To do this study right, a simple way is to start could be with a lot more pictures. With more people in the pile, you can go through and match a large sample of Black and White participants on multiple dimensions of rated attractiveness—in terms of mean ratings and rating variability—as judged by a large, diverse panel of judges. Then, when you have images of lots of Blacks and Whites who are actually “otherwise equivalent” rather than clearly non-equivalent based on ratings that were either poor or insufficiently descriptive for the task at hand, you can deploy them on the app with a diversity of profile information, from ages to interests to supporting hobby pictures, and you can use that to see if people still have a racial preference by examining compensating differentials and matched results at scale.
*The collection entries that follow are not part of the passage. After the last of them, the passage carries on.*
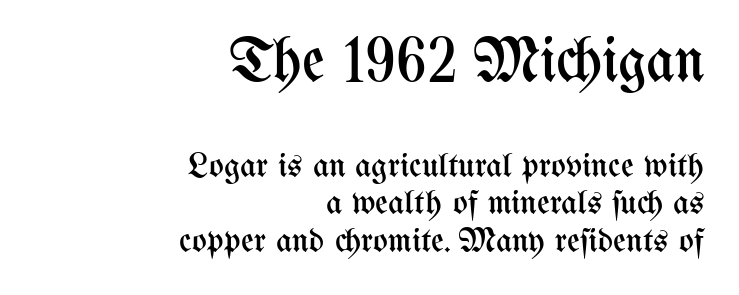
{"italic": "no", "bold": "no", "weight": "regular", "width": "condensed", "stroke_contrast": "medium", "x_height": "medium", "monospaced": "no", "underline": "no", "align": "right", "line_spacing": "tight", "line_spacing_ratio": 1.07, "letter_spacing": "normal", "letter_spacing_em": 0.0, "larger_block": "first", "size_ratio": 1.77, "glyph_px": 62}
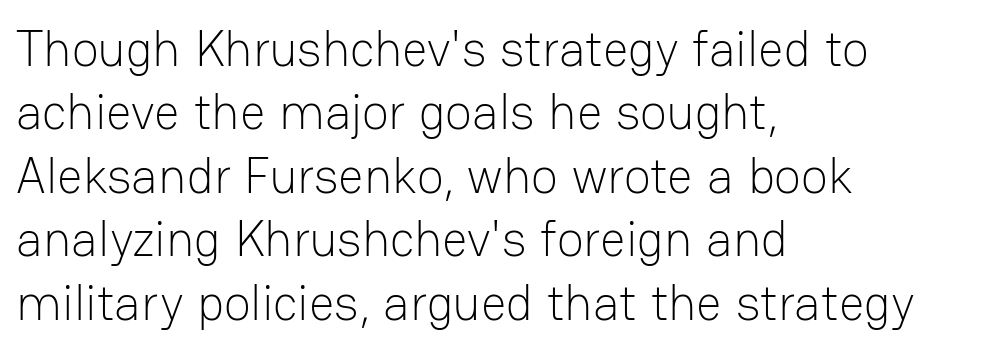
{"serif": "no", "italic": "no", "bold": "no", "weight": "light", "width": "normal", "stroke_contrast": "low", "x_height": "medium", "monospaced": "no", "underline": "no", "align": "left", "line_spacing": "normal", "line_spacing_ratio": 1.27, "letter_spacing": "normal", "letter_spacing_em": 0.0, "glyph_px": 50}
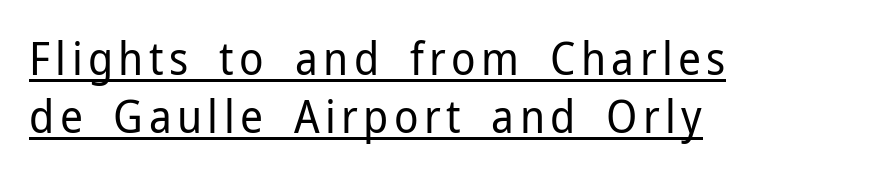
This rendering uses left alignment, leaving the right contour irregular. Upright lettering throughout. The font is comparable to plain body text, perhaps lighter. The face used here appears with an underline applied. In terms of letterform style, serifs are entirely absent.
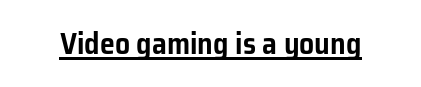
The image shows 30 px sans-serif type, upright; set normal letter spacing, underlined; low stroke contrast and a medium x-height.
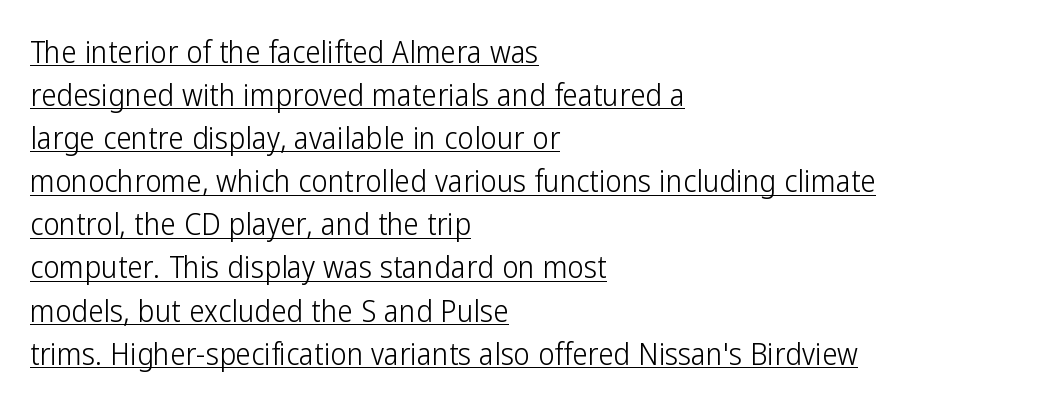
Q: Is the text bold? A: No.
Q: Is the text italic (slanted)? A: No, it is upright.
Q: Is the typeface a serif or a sans-serif typeface? A: Sans-serif.
Q: Is the text underlined? A: Yes.
Q: How is the paragraph aligned? A: Left-aligned.
Q: Is the spacing between letters normal or unusually wide? A: Normal.
Q: Is the spacing between lines tight, normal or loose? A: Normal.
Q: Width (condensed, normal, or wide)? A: Condensed.
Q: Stroke contrast? A: Low.
Q: x-height? A: Medium.
Q: Monospaced? A: No.
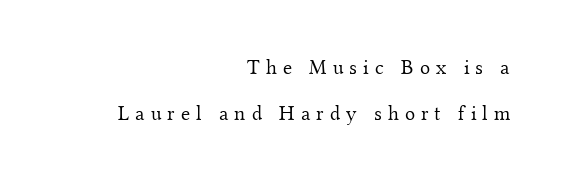
{"italic": "no", "bold": "no", "underline": "no", "align": "right", "line_spacing": "loose", "line_spacing_ratio": 2.21, "letter_spacing": "wide", "letter_spacing_em": 0.29, "glyph_px": 21}
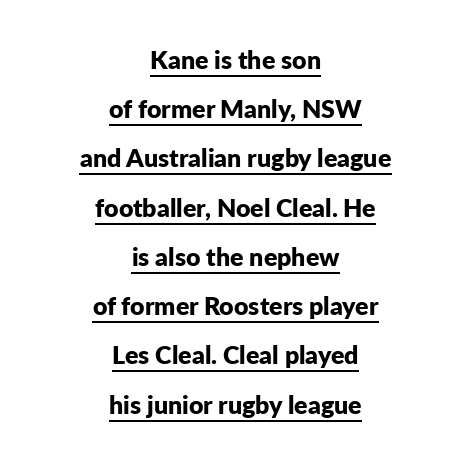
The image shows 25 px bold type, upright; set centered, loose line spacing (1.97x), normal letter spacing, underlined.
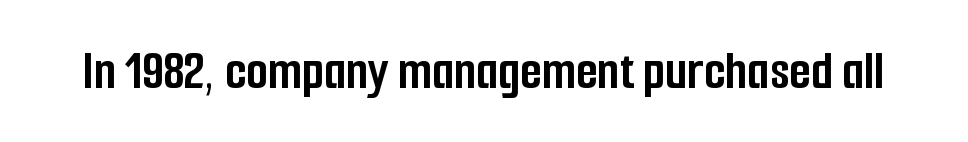
Q: Is the text bold? A: Yes.
Q: Is the text italic (slanted)? A: No, it is upright.
Q: Is the typeface a serif or a sans-serif typeface? A: Sans-serif.
Q: Is the text underlined? A: No.
Q: Is the spacing between letters normal or unusually wide? A: Normal.
Q: Width (condensed, normal, or wide)? A: Condensed.
Q: Stroke contrast? A: Low.
Q: x-height? A: Medium.
Q: Monospaced? A: No.

But even if you do this, you have an uphill battle to face for the same reason audit studies are so fraught. Namely, that it is frequently hard to distinguish statistical discrimination from taste-based discrimination. Take the authors’ choice to portray everyone as if they were into hiking/being outdoors. There are differences in hobbies and leisure time-use by race, and everyone knows that some people—regardless of race—look more or less “sporty”, “nerdy”, “artsy”, and so on, so if you aren’t matching on perceived hobbies, why would you expect those hobby pictures to lead to the same judgments?
Without putting in a lot more work to improve the study’s design, you’d have to expect Tinder users are choosing to be ignorant to make conclusions about racial discrimination. I could say more, but I think I can cut the commentary off there.
I have no doubt that attractiveness studies can be useful, but I have major doubts that they’re being conducted anywhere near as well as they should be, and when the study is focused on the intersection of attractiveness and race, sex, religion, or any other demographic, I am extremely certain it’s going to be bad. Because the studies are so clearly methodologically faulty that the results of different studies are so often incomparable, ‘failed replications’ won’t be disqualifying. That’s not good, because if replications aren’t going to be disqualifying, their purpose is limited and the reliability of the literature’s key findings will remain extraordinarily uncertain.
And marginally significantly disadvantaged relative to women who were unattractive (-0.007, 0.80; p-difference = 0.12).
For what it’s worth, López Bóo, Rossi and Urzúa eventually dropped the claim that they failed to replicate Ruffle and Shtudiner’s work.
The authors of this study tried to portray every profile with similar interests, but another neglected dimension is that the people don’t equally look like they’re all into the same hobbies, perhaps regardless of race, perhaps otherwise.
FWIW, I'm sure you're aware of the OKCupid data from before the Great Awokening showing that, indeed, white men and Asian women were most rated most attractive by most races, and Asian men and black women least. The exceptions were that black men were rated as most attractive by black women.
The latest numbers I can find are from Quartz, in 2013, which find similar things:
https://qz.com/149342/the-uncomfortable-racial-preferences-revealed-by-online-dating
Exception seems to be that now black men are at the bottom of the heap (except again for in the eyes of black women), and there is a preference of Asian men for Latina women; I don't know what this means or why it occurs (though there may be some delicious fusion restaurants in our future).
Those photoshopped “unattractive” faces look like they have developmental abnormalities or recovered from facial reconstruction surgery after disfiguring injuries. Either of those possibilities has a much greater effect than just being “unattractive”.
I bet AI image generators would help here if used carefully. Could adjust the prompts to get just the right range of images.